Kentucky attorney Tony Oppegard has served as the state’s mine safety prosecutor and as an adviser to the federal Mine Safety and Health Administration. Oppegard doubted that the bills could help increase coal production or improve the business climate for mining. Rather, he said, it’s likely to make mining more dangerous.

“West Virginia has no mine safety law anymore if that passes. It’ll be a joke,” he said. “And Kentucky’s is about a step above a joke.”

West Virginia Coal Association vice president Chris Hamilton said that given tightening budgets, states would be better served to leave mine inspections to the federal agency, which already inspects each mine four times a year, and instead focus state dollars on safety training programs. But even Hamilton said he thinks West Virginia’s bill goes too far.

“Going from four to one inspection might be a little too drastic,” he said. “Why not go with two inspections and two compliance visits?”

West Virginia’s bill is currently being reworked by lawmakers, according to the bill’s lead sponsor, Senator Randy Smith.
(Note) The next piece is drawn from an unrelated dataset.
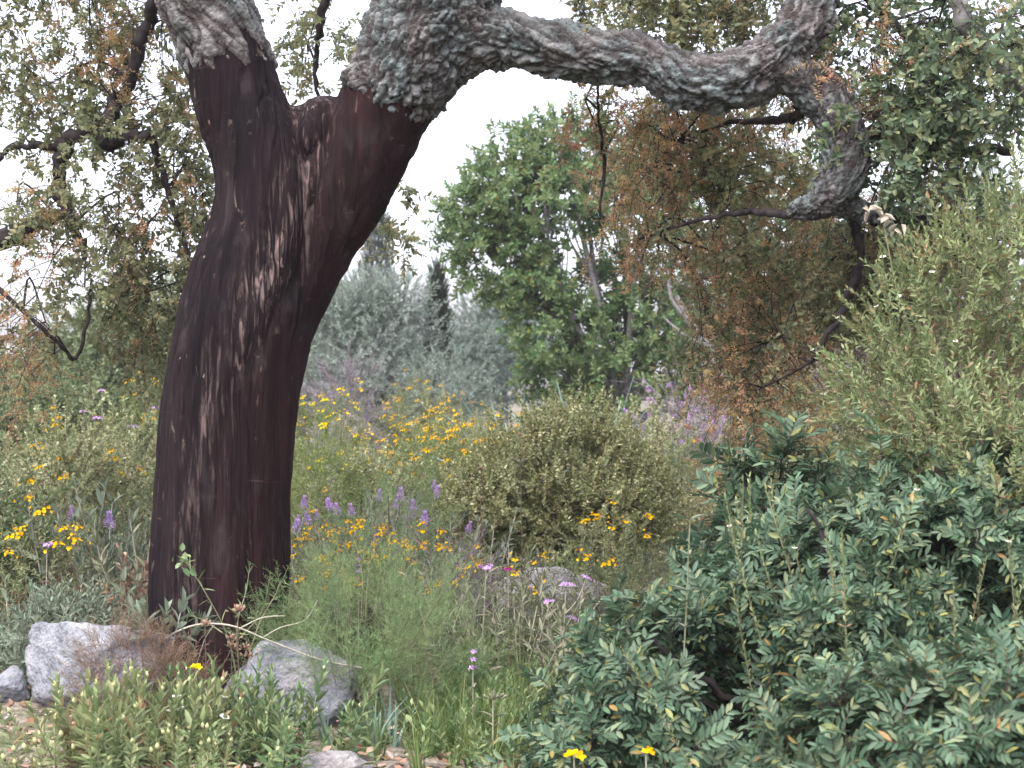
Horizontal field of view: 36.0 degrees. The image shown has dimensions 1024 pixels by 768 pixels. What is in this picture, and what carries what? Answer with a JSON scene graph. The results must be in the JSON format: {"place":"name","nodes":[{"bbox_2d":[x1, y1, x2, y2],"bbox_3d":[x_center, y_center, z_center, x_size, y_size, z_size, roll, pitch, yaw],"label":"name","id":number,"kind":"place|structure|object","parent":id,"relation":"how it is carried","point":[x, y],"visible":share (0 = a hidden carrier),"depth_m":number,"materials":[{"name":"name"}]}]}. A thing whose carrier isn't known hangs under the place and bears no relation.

Occupational health and safety expert Celeste Monforton, an assistant research professor at George Washington University, called the legislation “short-sighted.” She said scaling back safety measures is contradictory to protecting jobs, which is a surprise move given the insecurity that persists in the industry today. She found it troubling considering the recent resurgence of black lung disease in the region.

Monforton said she is also concerned that reductions in state-level inspections could come at the same time as changes to federal mine safety inspection. She predicted that President Trump’s anticipated budget will likely result in reductions in federal inspections, leaving miners at risk.